**Task goal:** Set down the entries below exactly, leaving out all images.

(Records for the exercise)

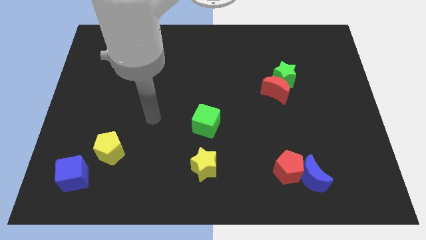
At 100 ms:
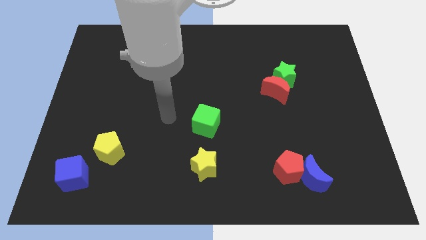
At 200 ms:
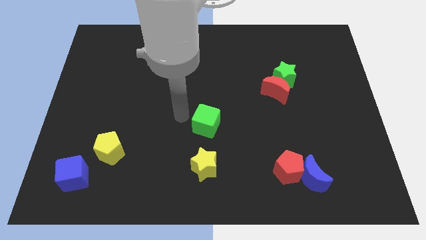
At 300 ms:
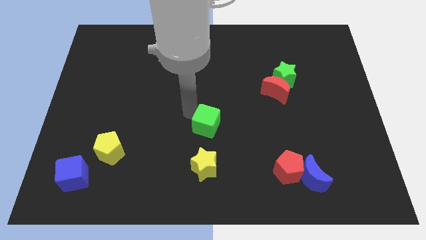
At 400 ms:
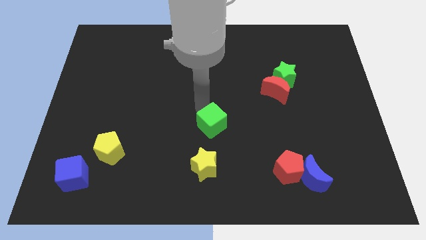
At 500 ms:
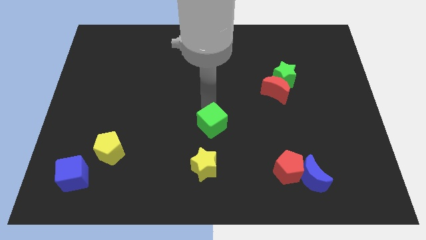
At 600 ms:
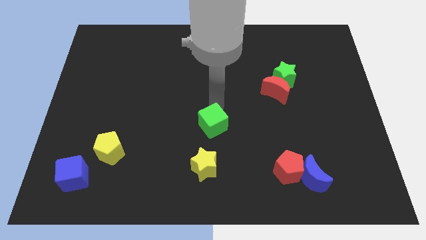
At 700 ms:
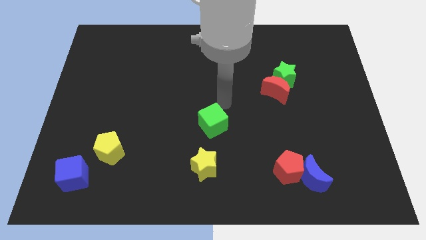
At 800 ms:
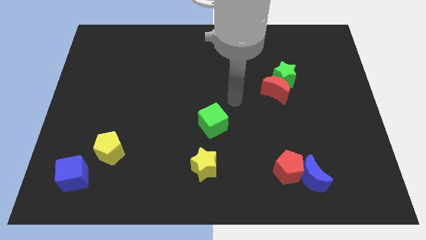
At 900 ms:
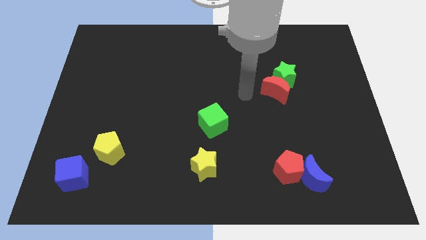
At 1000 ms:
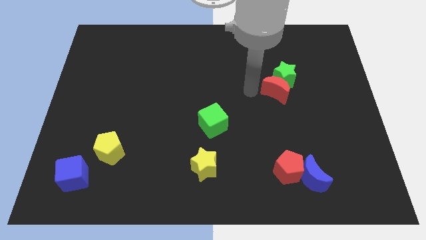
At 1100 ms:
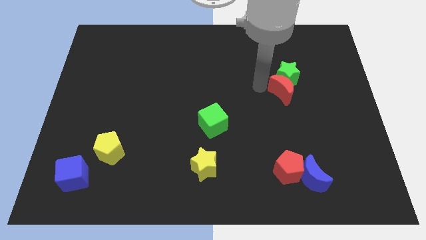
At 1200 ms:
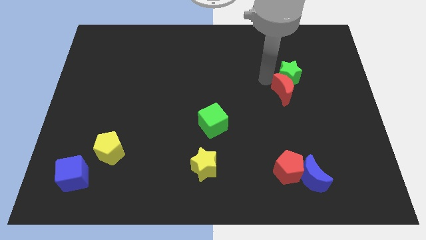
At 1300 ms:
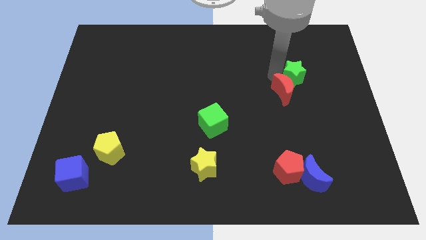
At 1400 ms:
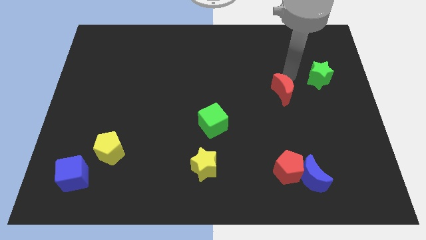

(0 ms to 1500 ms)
separate the red moon from the green star

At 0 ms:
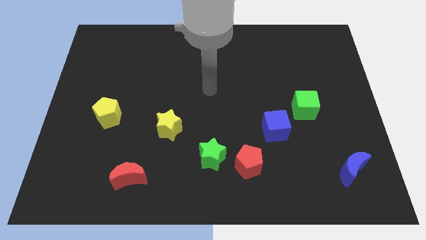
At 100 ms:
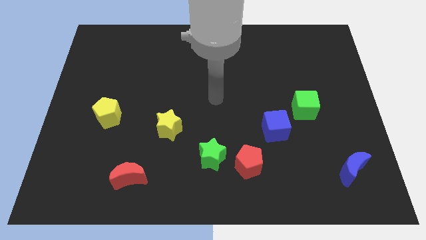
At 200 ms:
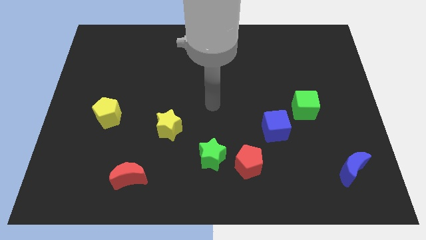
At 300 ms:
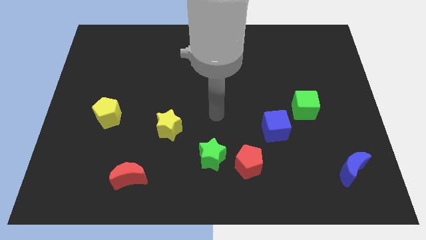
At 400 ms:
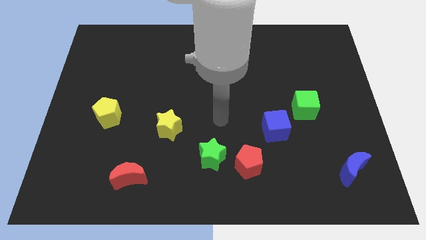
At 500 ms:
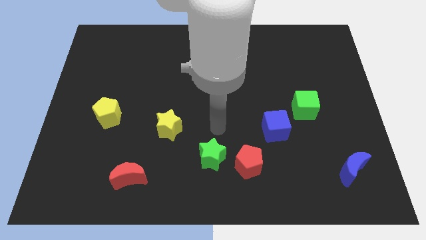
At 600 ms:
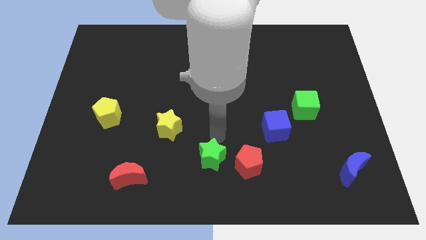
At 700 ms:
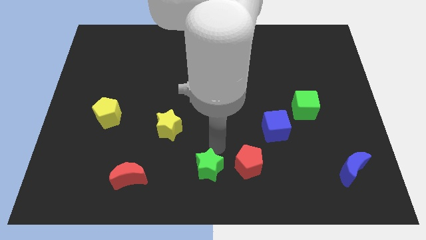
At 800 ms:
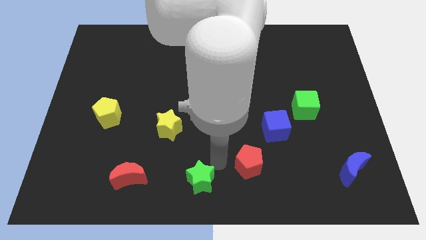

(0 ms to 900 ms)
move the red pentagon away from the green star

(End Records for the exercise)

**Written answer:**
At 100 ms:
At 200 ms:
At 300 ms:
At 400 ms:
At 500 ms:
At 600 ms:
At 700 ms:
At 800 ms:
At 900 ms:
At 1000 ms:
At 1100 ms:
At 1200 ms:
At 1300 ms:
At 1400 ms:

(0 ms to 1500 ms)
separate the red moon from the green star

At 0 ms:
At 100 ms:
At 200 ms:
At 300 ms:
At 400 ms:
At 500 ms:
At 600 ms:
At 700 ms:
At 800 ms:

(0 ms to 900 ms)
move the red pentagon away from the green star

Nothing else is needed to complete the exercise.